RUSSIA MONITOR
Date: 17 July 2017
Russia Covers MH17 Tracks
Three years after the Malaysian Boeing airliner flying over Donbass was shot down, new facts seem to come out which may confirm Russia’s responsibility for the disaster. Moscow has tried to cover up traces, by isolating potential witnesses in the trial. Resistance from the Russian side seems to dissatisfy those countries which are most concerned with punishing those who were responsible for the tragedy. The head of Australian diplomatic corps has already announced that the defendants may be subject to judgement in absentia.
Representatives of the international investigation group whose aim is to establish the reasons of the disaster, have created a list of 120 people who were engaged in the shooting down of the Malaysia Airlines aircraft. Among them, one can find Colonel Vasily Geranin of the Russian GRU (Russian military intelligence service).
At the beginning of June, an international group of investigative journalists InformNapalm, published information that Geranin had been detained by the FSB. The board member of the Union of Donbass Volunteers, an organization associating Russian veterans of the war in Ukraine, was to be arrested on May 10 in Moscow. Colonel Geranin is the key witness in the shooting down of the Malaysian Boeing flight MH17, which took place three years ago. He also participated in the annexation of Crimea and then he personally supervised a rebel, Igor Bezler, known by his nom-de-guerre “Bies”, in Donbass. After July 20, his name became public once the Security Service of Ukraine (SBU) published an intercepted call between Bezler and Geranin on the downed MH17, according to which it was the rebels’ fault.

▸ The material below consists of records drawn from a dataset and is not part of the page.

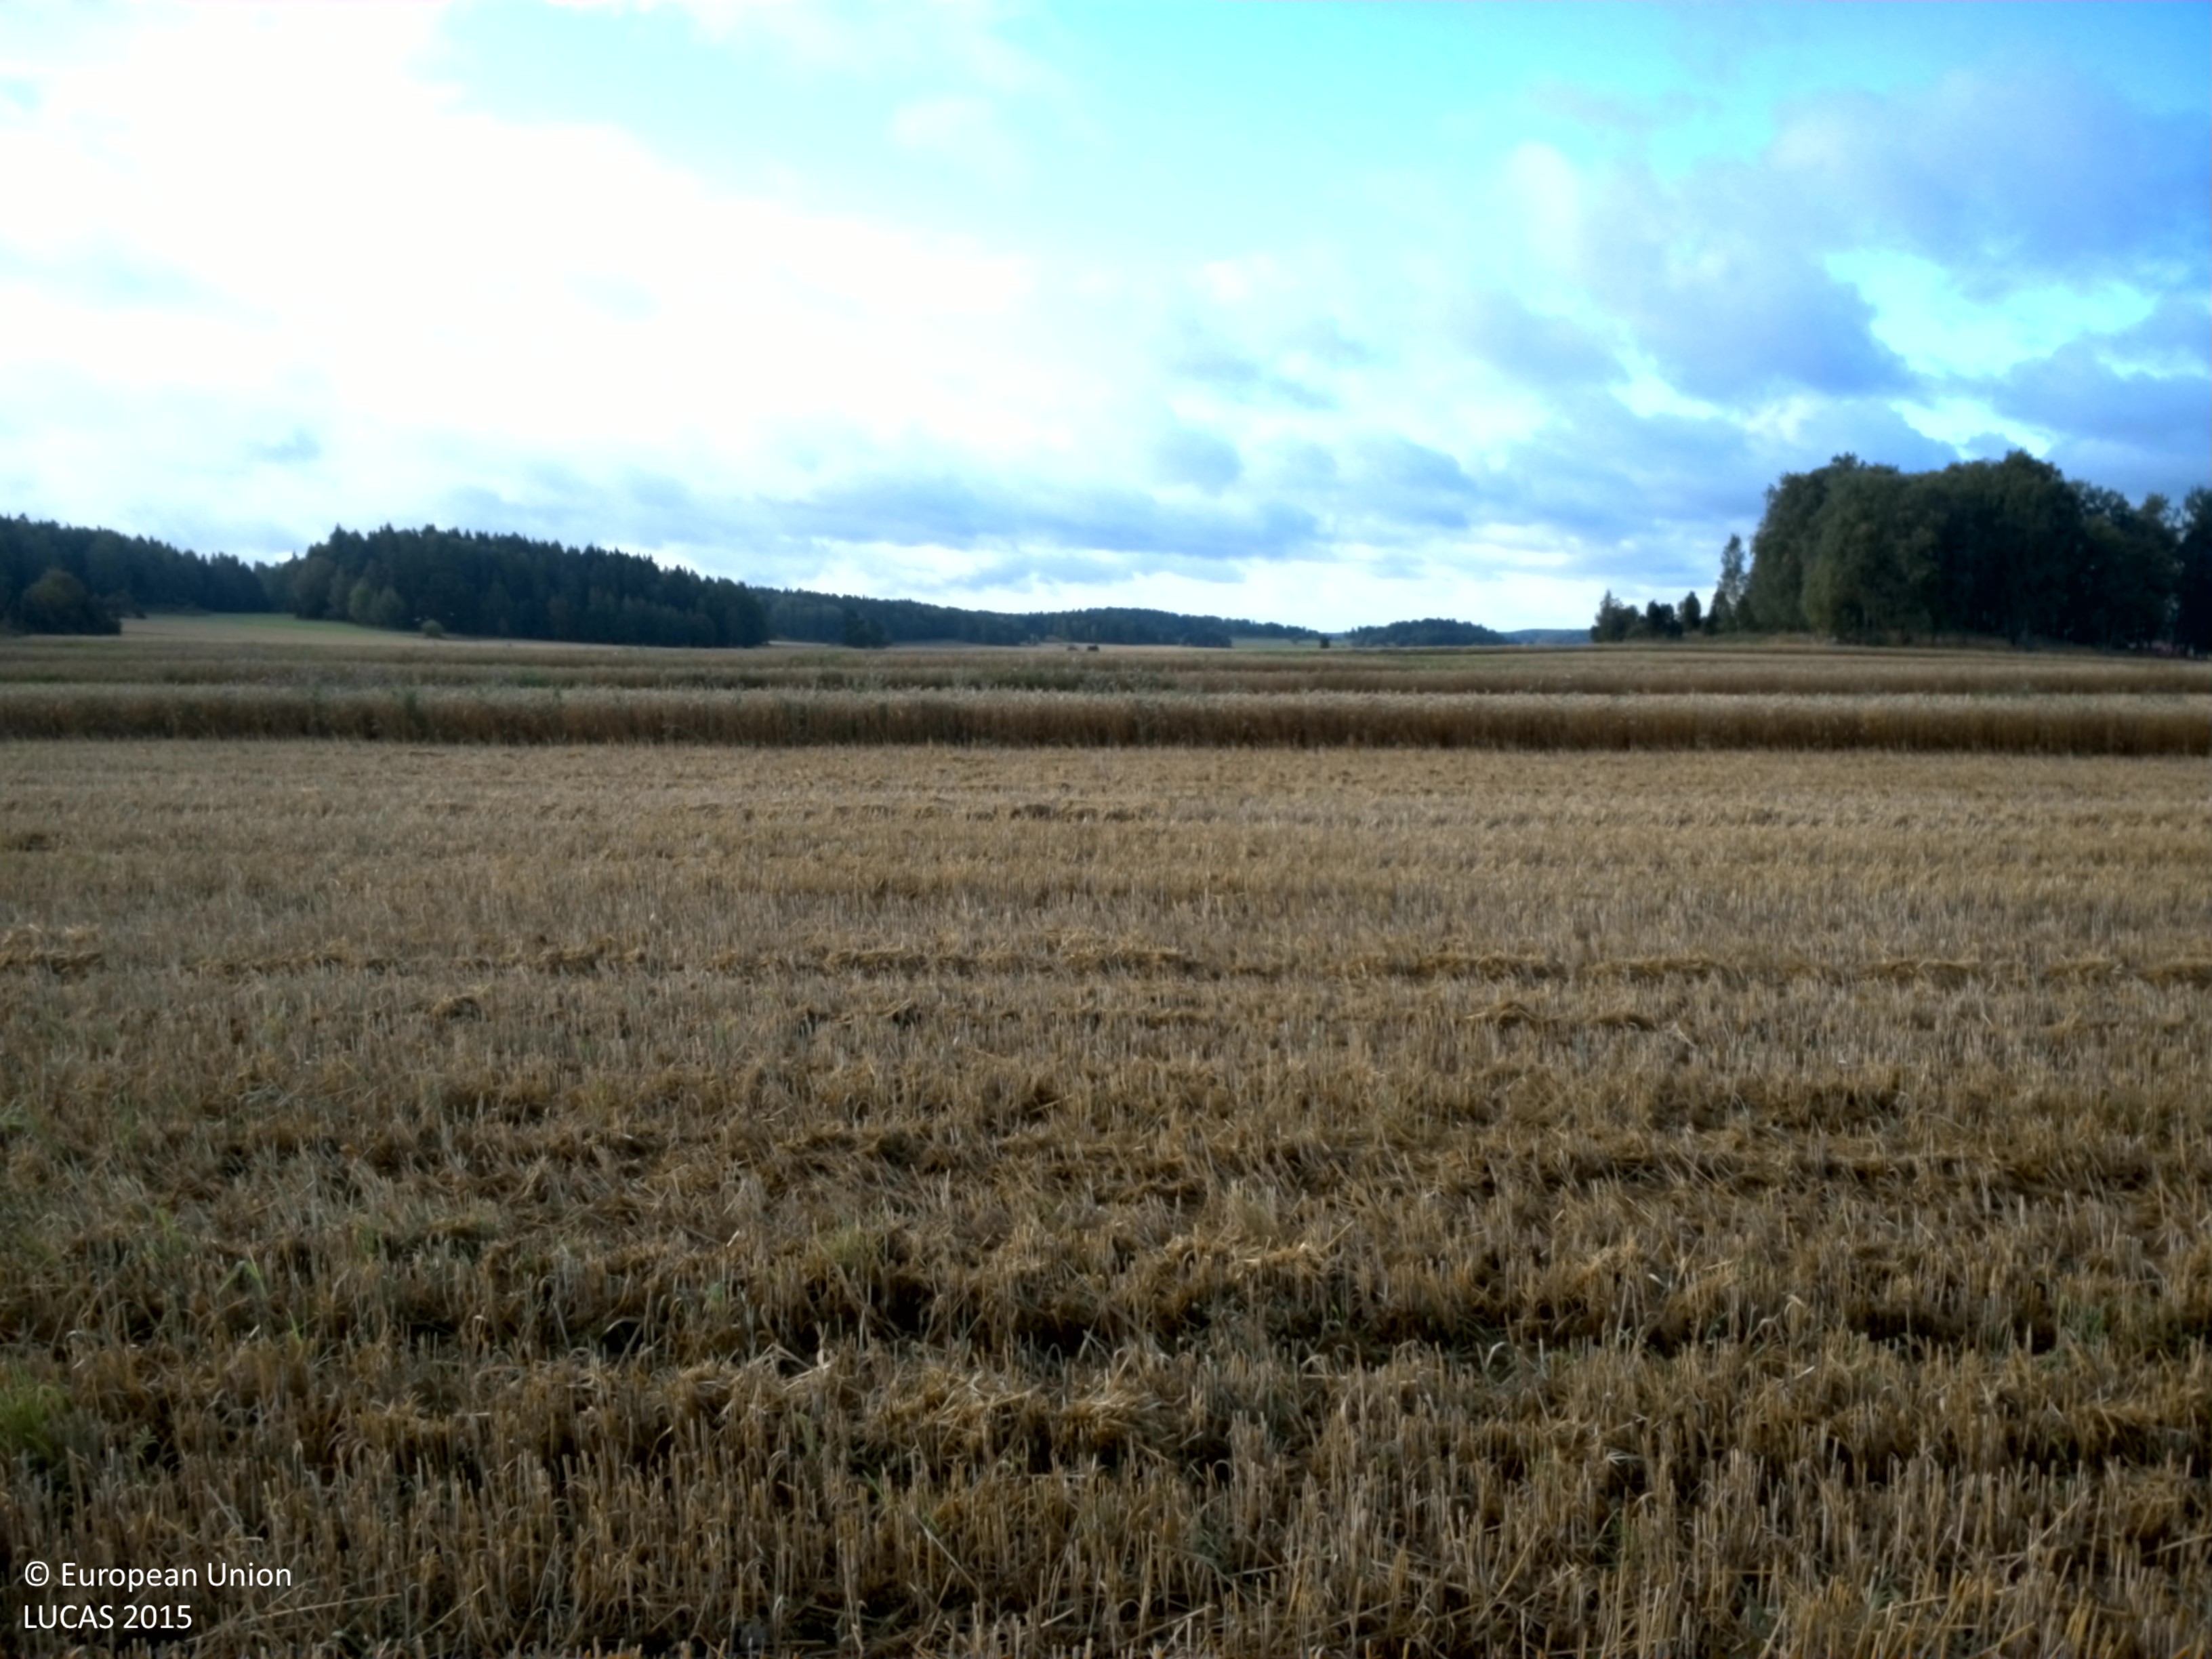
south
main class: Cropland
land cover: Common wheat
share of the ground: < 10 %
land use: Agriculture (excluding fallow land and kitchen gardens)
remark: Harvested field
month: August
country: SE
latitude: 59.7848
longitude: 17.1009

In May, a brief note about the detention of Geranin appeared in Russian online media but it was quickly removed from all sites. It was reported that Geranin was detained because during a routine road check, it was discovered that he was allegedly transporting a fragmentation munition for a grenade launcher in his car. Also his apartment in Kubinka, a town located in the Moscow Oblast, was searched and it was said that many more illegal arms and weapons had been found. At the moment of detention, Geranin was still an active military counterintelligence officer but after being placed under arrest he was fired from the GRU, with the time of his firing being backdated. The fact that the GRU officer was arrested may be an element of a larger operation conducted by the Russian forces and its aim is to alienate witnesses and to destroy all evidence before the trial planned for autumn this year in the Netherlands. Immediately after the detention of Geranin, also the apartments of the Union of Donbass Volunteers were also searched by the special forces.
At the same time, it was revealed that on the night of July 16 to July 17 Russia introduced some restrictions for civil aviation flights in Russian airspace, nearby the Ukrainian border, at a height below 16,000 metres, which exactly corresponds to the maximum reach of the Buk missile system. A few hours later the Malaysian Boeing was shot down in Ukrainian airspace, close to its border with Russia. Asked about the prohibition issued at midnight on July 17 by the Dutch Security Council, the Russian civil aviation authorities replied that their intention had been to adapt to the situation on the Ukrainian side of the border. However, Ukraine introduced the maximum limit at the height of 9,454 metres and not 16,150 metres, which was the case for the Russians.
The case of the MH17 disaster will be examined by the Dutch court and those presumed guilty will incur a penalty in accordance to the law of that country. Australia’s Foreign Minister, Julie Bishop, stated that the perpetrators of the disaster of the Malaysian passenger plane could be subject to judgment in absentia. Bishop also called on Moscow to comply with every point of the UN Security Council Resolution 2166, which provides for the cooperation of all states in order to punish all the people guilty of the Malaysian Airlines catastrophe.